• **What you will do**
Please give back each entry below unaltered, leaving the pictures out.

• **Data extracts**

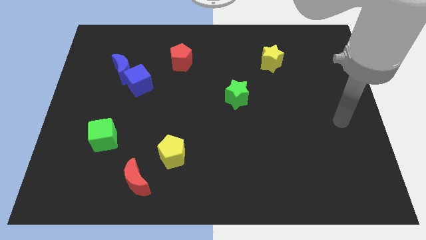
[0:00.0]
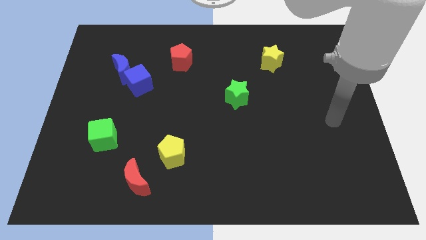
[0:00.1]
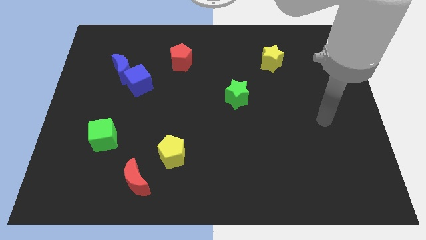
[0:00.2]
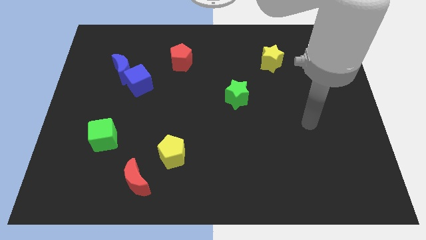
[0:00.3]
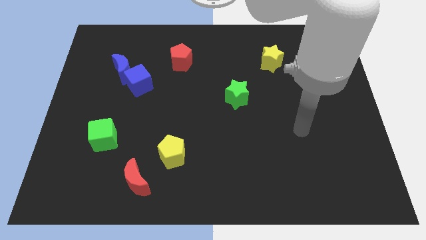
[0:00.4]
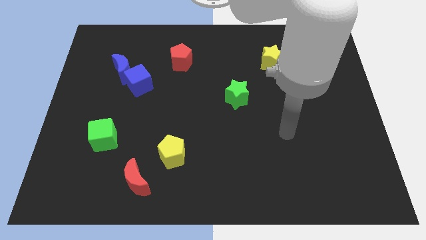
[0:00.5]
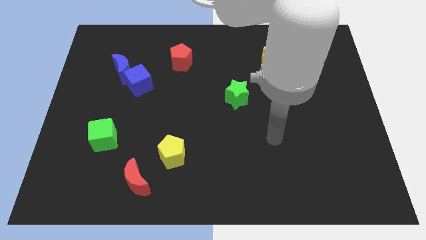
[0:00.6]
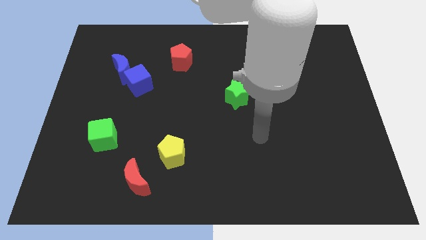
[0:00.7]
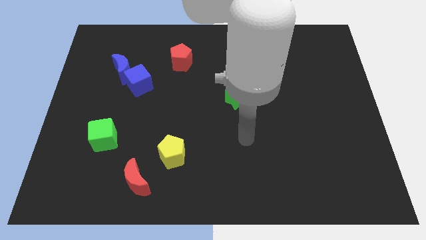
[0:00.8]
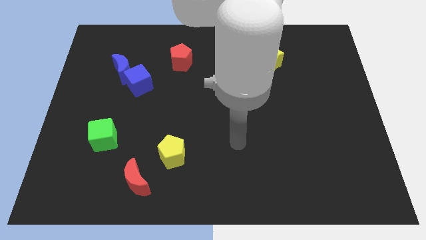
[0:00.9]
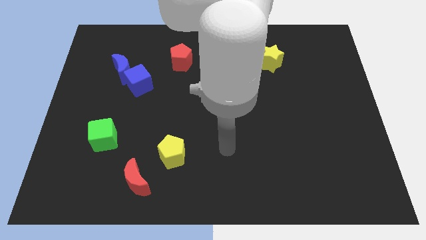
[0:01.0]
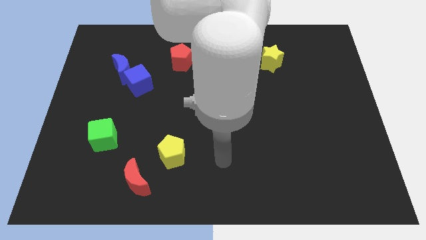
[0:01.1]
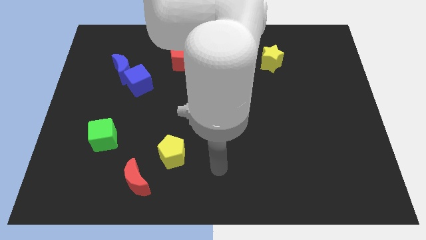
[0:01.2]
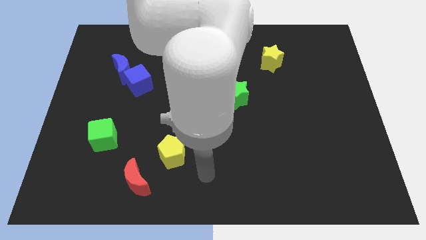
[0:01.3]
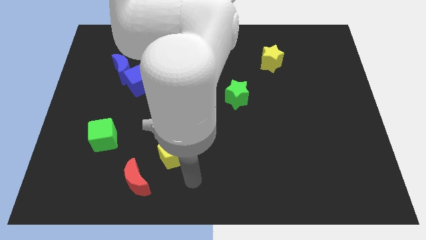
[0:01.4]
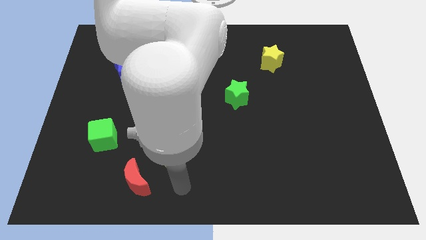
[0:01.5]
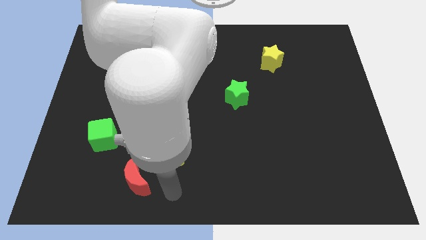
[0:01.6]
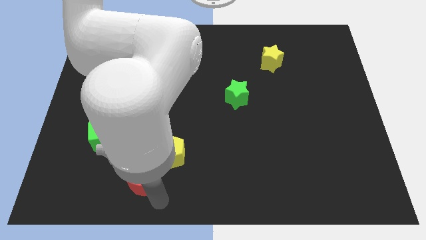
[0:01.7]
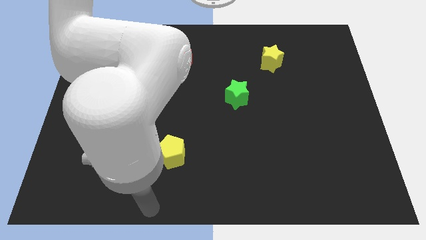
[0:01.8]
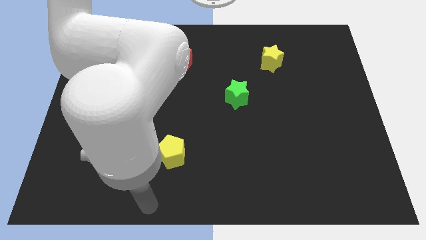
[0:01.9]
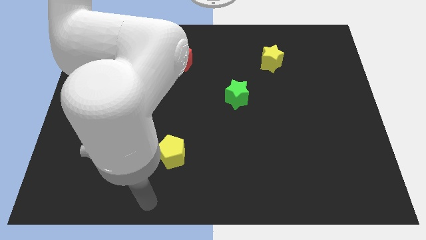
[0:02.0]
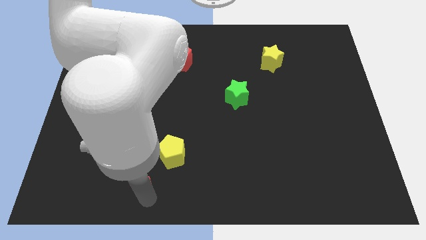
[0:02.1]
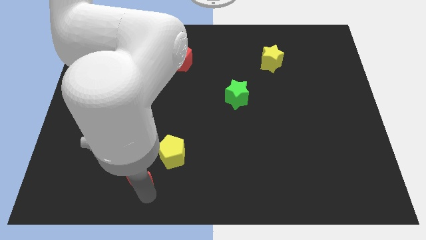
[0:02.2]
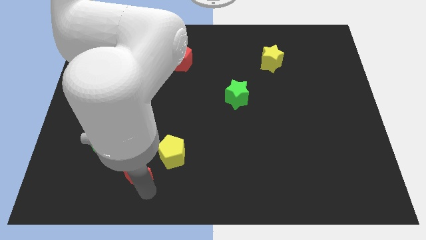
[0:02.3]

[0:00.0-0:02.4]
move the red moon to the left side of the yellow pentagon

• **Exercise solution**
[0:00.0]
[0:00.1]
[0:00.2]
[0:00.3]
[0:00.4]
[0:00.5]
[0:00.6]
[0:00.7]
[0:00.8]
[0:00.9]
[0:01.0]
[0:01.1]
[0:01.2]
[0:01.3]
[0:01.4]
[0:01.5]
[0:01.6]
[0:01.7]
[0:01.8]
[0:01.9]
[0:02.0]
[0:02.1]
[0:02.2]
[0:02.3]

[0:00.0-0:02.4]
move the red moon to the left side of the yellow pentagon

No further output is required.